Cassandra Wilson and saxophonist Steve Coleman perform at the 2007 Charlie Parker Jazz Festival, Harlem. Photo: Nancy Kaszerman/ZUMA Press.

M-Base’s complex harmonics did not lend themselves naturally to a jazz vocal, but Wilson rode the grooves effortlessly, her luxuriously wide vibrato and bending of pitches proving the perfect match to Coleman and his associates edgy “street jazz.”

Beginning with “Point of View ” from 1985 she recorded eight albums under her own name for the Munich label, JMT, home to Steve Coleman and The Five Elements and other M-Base artists like saxophonist Greg Osby, cornetist Graham Haynes and pianist Gerri Allen. At the same she joined the avant-garde trio New Air alongside AACM alto saxophonist Henry Threadgill appearing on the 1986 album for Black Saint “Air Show No. 1.”

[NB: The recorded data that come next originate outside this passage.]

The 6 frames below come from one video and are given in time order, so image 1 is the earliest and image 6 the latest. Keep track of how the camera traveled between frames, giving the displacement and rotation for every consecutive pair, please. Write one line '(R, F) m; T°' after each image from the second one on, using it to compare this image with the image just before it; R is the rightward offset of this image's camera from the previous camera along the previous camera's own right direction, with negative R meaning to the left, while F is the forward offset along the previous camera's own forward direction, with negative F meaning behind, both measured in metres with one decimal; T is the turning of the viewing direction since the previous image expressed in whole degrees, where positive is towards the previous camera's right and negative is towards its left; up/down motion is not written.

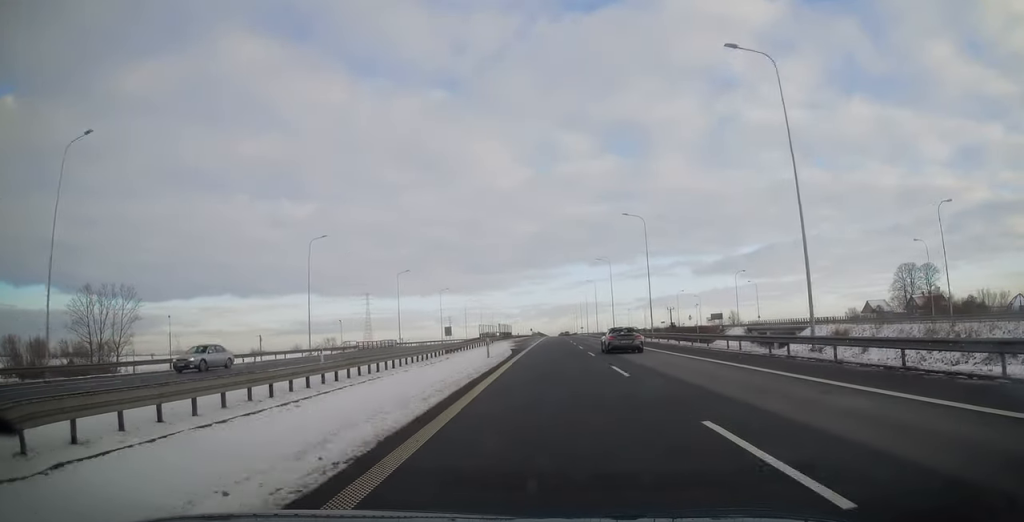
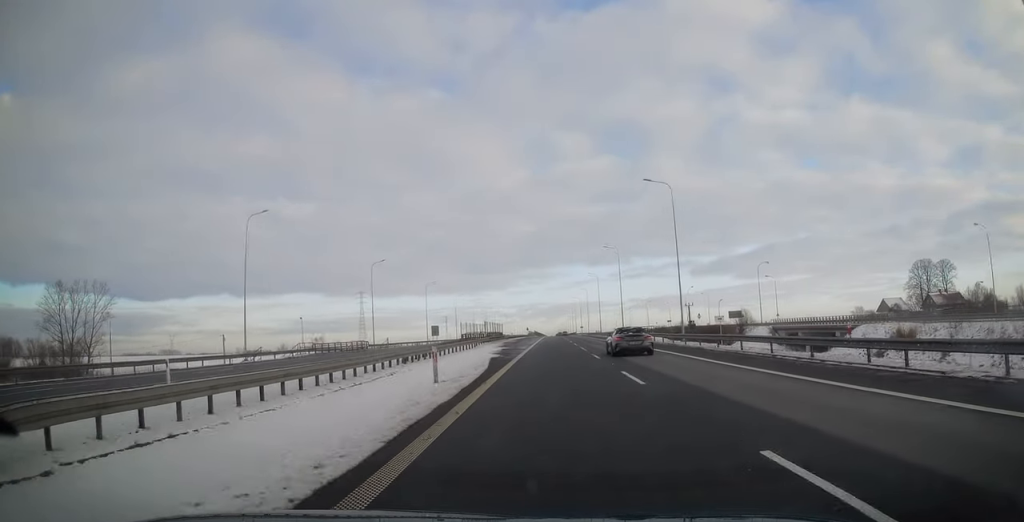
(0.0, +14.0) m; 0°
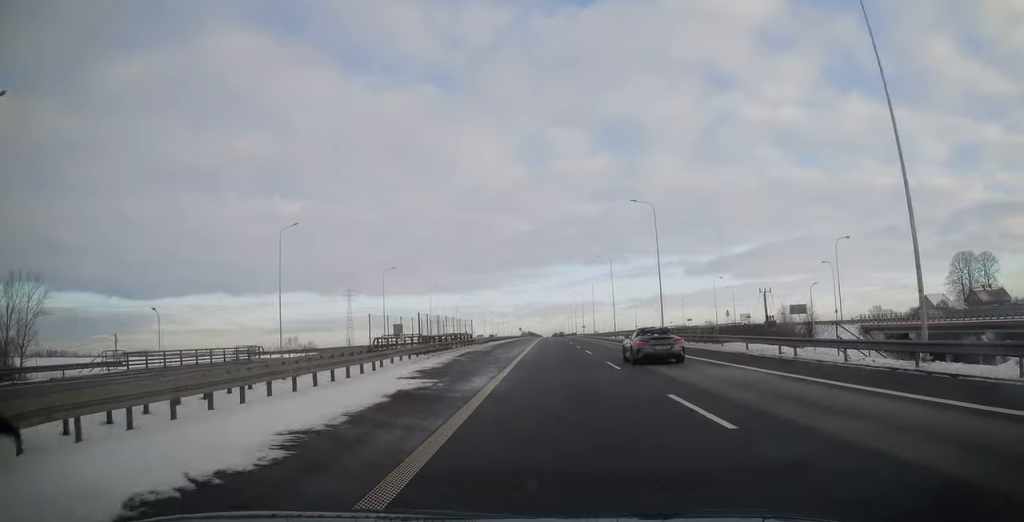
(0.0, +30.2) m; +1°
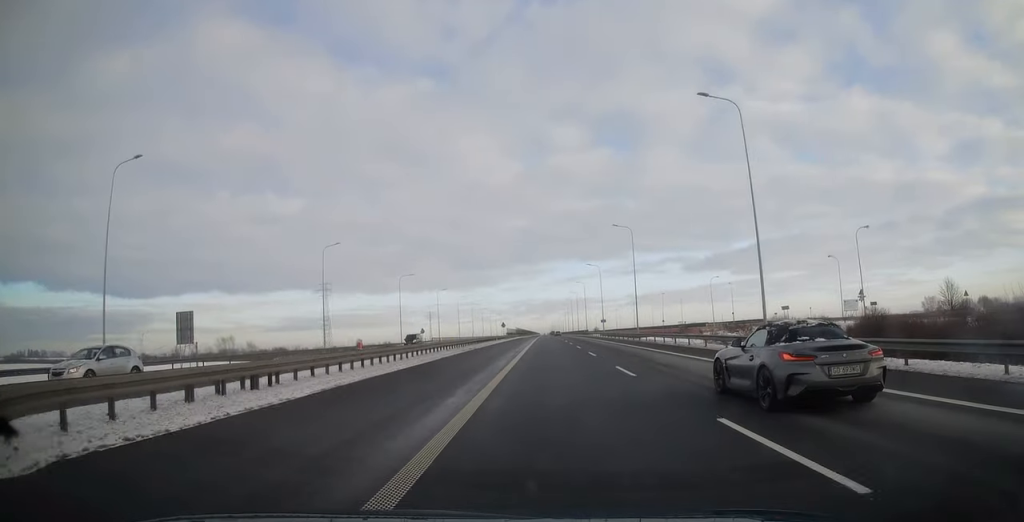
(0.0, +62.7) m; 0°
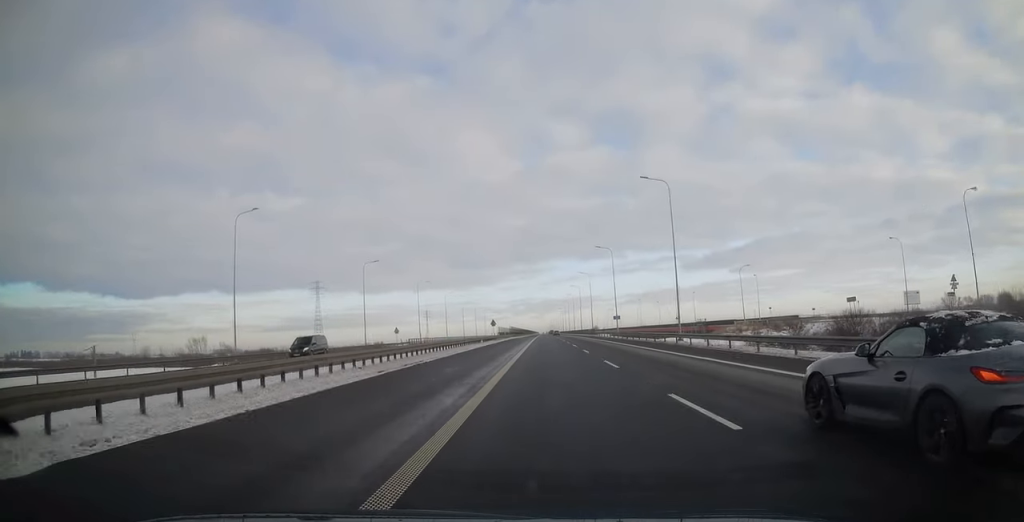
(+0.3, +20.7) m; 0°
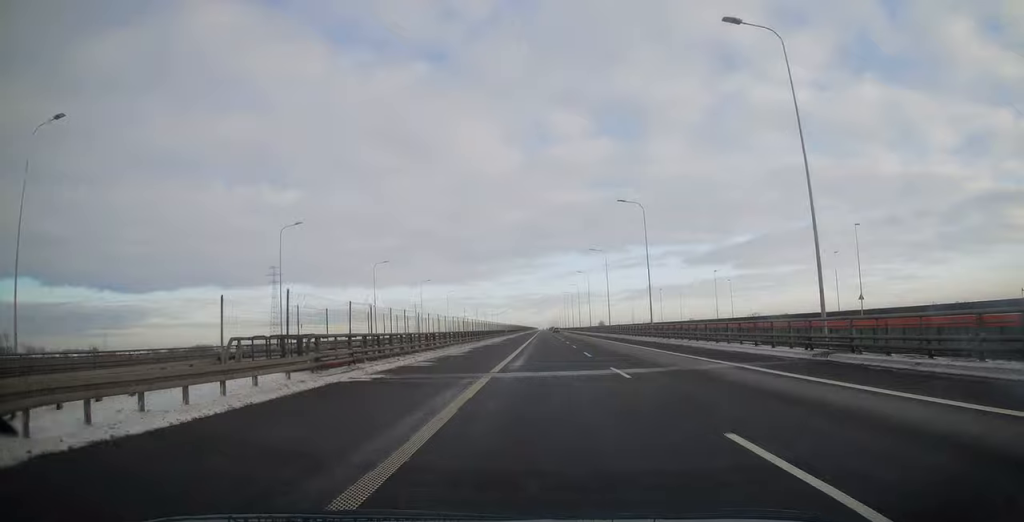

Despite this immersion in the avant-garde, Cassandra Wilson’s great transition album for Blue Note in 1993 was in many ways the recording she was destined to make. “I always wanted to find some way of reconnecting with the blues,” she told Los Angeles Times when the album was released.

In the interview she also explained how the blues had been disowned by many within her community: “It was always looked at as being common, music for those unfortunates who haven’t quite entered the greater society.” The album can then be heard as Wilson’s attempt to get others to appreciate the blues as a relevant 20th century art form whose roots run deep through American music. It was also a continuation of jazz music’s conversation with the blues – from the Art Ensemble of Chicago to Albert Ayler.

The pastoral jazz that John Lewis described was the result of Wilson’s musical exchange between Mississippi and New York, and the pull between rural and urban/south and north that reached all the way back to the Great Migration of the 1940s.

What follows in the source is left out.